Materazzi: “VAR? Io pioniere con Zidane. Non voglio allenare in Italia perché…”

“Inter? Visti i risultati delle altre sono fiducioso, c’è tempo per raggiungere gli obiettivi”

di Beppe Castro
Materazzi

Marco Materazzi è intervenuto telefonicamente durante “Radio Anch’io Sport”, trasmissione in onda sulle frequenze di Radio 1; ecco quanto dichiarato dall’ex difensore che nel 2006 si è laureato campione del mondo con la Nazionale italiana e che durante gli anni all’Inter ha praticamente vinto tutto:

INTER – “Visti i risultati delle altre sono fiducioso, c’è tempo per raggiungere gli obiettivi. Spalletti resta l’allenatore giusto, è quello che conosce meglio il campionato italiano insieme a Sarri e Allegri. Napoli e Juventus sono le più attrezzate, l’Inter è stata brava a restare lì per un po’, ma poi alla lunga vengono fuori i veri valori”.

SKRINIAR – “Mi ricorda Samuel. Deve migliorare, ma è uno dei migliori difensori della Serie A”.

LAZIO – “Inzaghi vive di calcio, non mi sorprendono questi risultati positivi”.

MERCATO – “Condizionamenti? Dura tanto, ma quando giochi in un top club devi pensare solo al campo”.

VAR – “Io fui il pioniere con la testata subita da Zidane.
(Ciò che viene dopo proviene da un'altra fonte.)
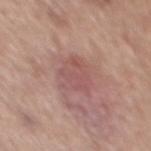No biopsy was performed on this lesion — it was imaged during a full skin examination and was not determined to be concerning. Approximately 4 mm at its widest. A close-up tile cropped from a whole-body skin photograph, about 15 mm across. An algorithmic analysis of the crop reported an area of roughly 11 mm², a shape eccentricity near 0.6, and a shape-asymmetry score of about 0.3 (0 = symmetric). It also reported an average lesion color of about L≈54 a*≈23 b*≈22 (CIELAB), about 7 CIELAB-L* units darker than the surrounding skin, and a normalized border contrast of about 5. The analysis additionally found a nevus-likeness score of about 0/100 and a detector confidence of about 100 out of 100 that the crop contains a lesion. The tile uses white-light illumination. A male patient aged approximately 70. On the mid back.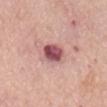Assessment: Recorded during total-body skin imaging; not selected for excision or biopsy. Image and clinical context: From the mid back. The tile uses white-light illumination. A male patient in their mid- to late 70s. This image is a 15 mm lesion crop taken from a total-body photograph.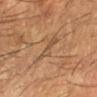Part of a total-body skin-imaging series; this lesion was reviewed on a skin check and was not flagged for biopsy. This is a cross-polarized tile. A 15 mm close-up tile from a total-body photography series done for melanoma screening. The lesion is located on the left forearm. A male subject, aged approximately 65.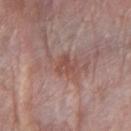Clinical impression:
Captured during whole-body skin photography for melanoma surveillance; the lesion was not biopsied.
Image and clinical context:
Longest diameter approximately 2.5 mm. Imaged with white-light lighting. Automated tile analysis of the lesion measured an automated nevus-likeness rating near 0 out of 100 and a lesion-detection confidence of about 100/100. The lesion is located on the right forearm. This image is a 15 mm lesion crop taken from a total-body photograph. The patient is a female aged 63 to 67.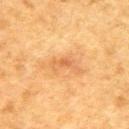Clinical impression: The lesion was tiled from a total-body skin photograph and was not biopsied. Context: The lesion is located on the back. The lesion's longest dimension is about 4 mm. A close-up tile cropped from a whole-body skin photograph, about 15 mm across. A male patient aged 48 to 52. Captured under cross-polarized illumination.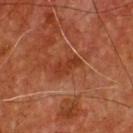Image and clinical context: Measured at roughly 3.5 mm in maximum diameter. The subject is a male aged 53 to 57. From the chest. A 15 mm close-up tile from a total-body photography series done for melanoma screening. Imaged with cross-polarized lighting.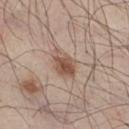{"biopsy_status": "not biopsied; imaged during a skin examination", "lighting": "white-light", "lesion_size": {"long_diameter_mm_approx": 3.5}, "image": {"source": "total-body photography crop", "field_of_view_mm": 15}, "site": "right thigh", "automated_metrics": {"area_mm2_approx": 7.0, "eccentricity": 0.7}, "patient": {"sex": "male", "age_approx": 45}}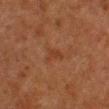follow-up — no biopsy performed (imaged during a skin exam).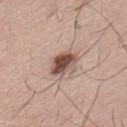Q: Is there a histopathology result?
A: total-body-photography surveillance lesion; no biopsy
Q: What lighting was used for the tile?
A: white-light
Q: Automated lesion metrics?
A: a footprint of about 7.5 mm², a shape eccentricity near 0.65, and a symmetry-axis asymmetry near 0.2; a classifier nevus-likeness of about 85/100 and lesion-presence confidence of about 100/100
Q: Where on the body is the lesion?
A: the back
Q: How large is the lesion?
A: about 3.5 mm
Q: What are the patient's age and sex?
A: male, aged around 65
Q: How was this image acquired?
A: ~15 mm crop, total-body skin-cancer survey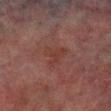Part of a total-body skin-imaging series; this lesion was reviewed on a skin check and was not flagged for biopsy.
Measured at roughly 3 mm in maximum diameter.
This image is a 15 mm lesion crop taken from a total-body photograph.
A male patient approximately 75 years of age.
Located on the right lower leg.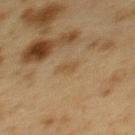  biopsy_status: not biopsied; imaged during a skin examination
  patient:
    sex: female
    age_approx: 40
  lesion_size:
    long_diameter_mm_approx: 2.5
  image:
    source: total-body photography crop
    field_of_view_mm: 15
  automated_metrics:
    area_mm2_approx: 3.0
    eccentricity: 0.85
    shape_asymmetry: 0.4
    lesion_detection_confidence_0_100: 100
  site: upper back
  lighting: cross-polarized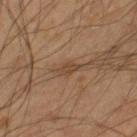Findings:
• workup · catalogued during a skin exam; not biopsied
• image-analysis metrics · a border-irregularity rating of about 4/10, internal color variation of about 1 on a 0–10 scale, and radial color variation of about 0.5; an automated nevus-likeness rating near 0 out of 100 and a detector confidence of about 95 out of 100 that the crop contains a lesion
• size · about 2.5 mm
• acquisition · 15 mm crop, total-body photography
• lighting · cross-polarized
• subject · male, aged 38–42
• anatomic site · the right lower leg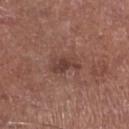No biopsy was performed on this lesion — it was imaged during a full skin examination and was not determined to be concerning.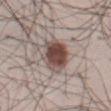The lesion was tiled from a total-body skin photograph and was not biopsied. This image is a 15 mm lesion crop taken from a total-body photograph. The lesion is on the abdomen. The patient is a male approximately 35 years of age.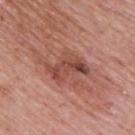biopsy status = catalogued during a skin exam; not biopsied | body site = the back | size = about 5 mm | automated metrics = a lesion color around L≈47 a*≈25 b*≈27 in CIELAB, roughly 10 lightness units darker than nearby skin, and a normalized lesion–skin contrast near 7.5; a border-irregularity index near 5.5/10 | patient = male, aged 73 to 77 | lighting = white-light | imaging modality = ~15 mm crop, total-body skin-cancer survey.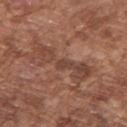Findings:
– follow-up — total-body-photography surveillance lesion; no biopsy
– tile lighting — white-light illumination
– image — 15 mm crop, total-body photography
– anatomic site — the right upper arm
– TBP lesion metrics — an area of roughly 12 mm² and an eccentricity of roughly 0.95
– subject — male, approximately 75 years of age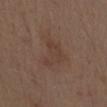<tbp_lesion>
<biopsy_status>not biopsied; imaged during a skin examination</biopsy_status>
<site>mid back</site>
<image>
  <source>total-body photography crop</source>
  <field_of_view_mm>15</field_of_view_mm>
</image>
<patient>
  <sex>male</sex>
  <age_approx>70</age_approx>
</patient>
</tbp_lesion>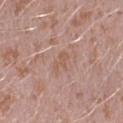Recorded during total-body skin imaging; not selected for excision or biopsy. This image is a 15 mm lesion crop taken from a total-body photograph. This is a white-light tile. Longest diameter approximately 3 mm. The patient is a male approximately 40 years of age. Located on the left forearm.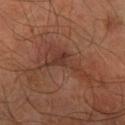The lesion was tiled from a total-body skin photograph and was not biopsied.
Located on the right forearm.
Measured at roughly 6.5 mm in maximum diameter.
A male subject, aged 63–67.
A 15 mm crop from a total-body photograph taken for skin-cancer surveillance.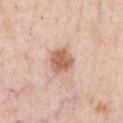biopsy_status: not biopsied; imaged during a skin examination
image:
  source: total-body photography crop
  field_of_view_mm: 15
site: chest
patient:
  sex: male
  age_approx: 50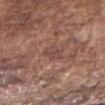{"biopsy_status": "not biopsied; imaged during a skin examination", "lesion_size": {"long_diameter_mm_approx": 2.5}, "image": {"source": "total-body photography crop", "field_of_view_mm": 15}, "site": "right forearm", "automated_metrics": {"area_mm2_approx": 4.0, "eccentricity": 0.75, "shape_asymmetry": 0.25, "border_irregularity_0_10": 2.5, "color_variation_0_10": 3.0, "nevus_likeness_0_100": 0, "lesion_detection_confidence_0_100": 85}, "patient": {"sex": "male", "age_approx": 75}}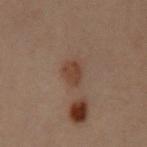{
  "biopsy_status": "not biopsied; imaged during a skin examination",
  "patient": {
    "sex": "female",
    "age_approx": 30
  },
  "lesion_size": {
    "long_diameter_mm_approx": 3.0
  },
  "site": "left upper arm",
  "lighting": "cross-polarized",
  "automated_metrics": {
    "eccentricity": 0.75,
    "cielab_L": 32,
    "cielab_a": 15,
    "cielab_b": 22,
    "vs_skin_darker_L": 7.0,
    "vs_skin_contrast_norm": 7.5,
    "nevus_likeness_0_100": 20,
    "lesion_detection_confidence_0_100": 100
  },
  "image": {
    "source": "total-body photography crop",
    "field_of_view_mm": 15
  }
}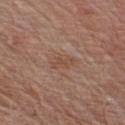biopsy_status: not biopsied; imaged during a skin examination
lighting: white-light
site: front of the torso
image:
  source: total-body photography crop
  field_of_view_mm: 15
patient:
  sex: male
  age_approx: 65
automated_metrics:
  vs_skin_darker_L: 6.0
  vs_skin_contrast_norm: 5.5
  border_irregularity_0_10: 5.0
  color_variation_0_10: 0.0
lesion_size:
  long_diameter_mm_approx: 3.0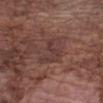Assessment: The lesion was photographed on a routine skin check and not biopsied; there is no pathology result. Context: Automated image analysis of the tile measured an average lesion color of about L≈37 a*≈19 b*≈20 (CIELAB), roughly 6 lightness units darker than nearby skin, and a normalized lesion–skin contrast near 6. And it measured a detector confidence of about 55 out of 100 that the crop contains a lesion. Approximately 4.5 mm at its widest. The lesion is on the left forearm. A lesion tile, about 15 mm wide, cut from a 3D total-body photograph. The subject is a male in their mid-70s.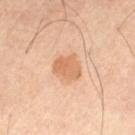biopsy status: total-body-photography surveillance lesion; no biopsy | location: the left thigh | image: ~15 mm tile from a whole-body skin photo | illumination: cross-polarized | patient: male, aged 63 to 67 | size: about 3 mm.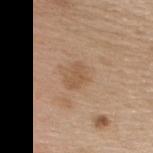The tile uses white-light illumination.
Located on the upper back.
The patient is a female in their mid-40s.
A lesion tile, about 15 mm wide, cut from a 3D total-body photograph.
Measured at roughly 3 mm in maximum diameter.
Automated tile analysis of the lesion measured a lesion area of about 5 mm² and an outline eccentricity of about 0.65 (0 = round, 1 = elongated). It also reported about 7 CIELAB-L* units darker than the surrounding skin and a lesion-to-skin contrast of about 5.5 (normalized; higher = more distinct). It also reported a nevus-likeness score of about 5/100.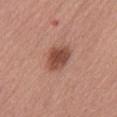| feature | finding |
|---|---|
| follow-up | imaged on a skin check; not biopsied |
| size | ~4 mm (longest diameter) |
| subject | male, in their 70s |
| anatomic site | the front of the torso |
| acquisition | 15 mm crop, total-body photography |
| tile lighting | white-light illumination |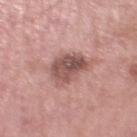Image and clinical context:
From the left lower leg. The recorded lesion diameter is about 5 mm. Captured under white-light illumination. A male patient in their mid- to late 50s. A lesion tile, about 15 mm wide, cut from a 3D total-body photograph.

Se fatto bene, il VAR può essere positivo anche se per esempio ieri a Crotone ci sono stati dei casini”.

SCUDETTO – “Tra Juventus e Napoli ci sono consapevolezze diverse. Sono due realtà differenti che hanno lo stesso obiettivo”.

ROMA – “La Champions League toglierà energie, non mi aspettavo questo calo”.

CARRIERA – “Sogno di non allenare in Italia, è diventato difficile lavorare nel nostro paese. Le società perdono di vista il vero obiettivo, ovvero la crescita: non c’è tempo, si vuole tutto e subito in pochi giorni”.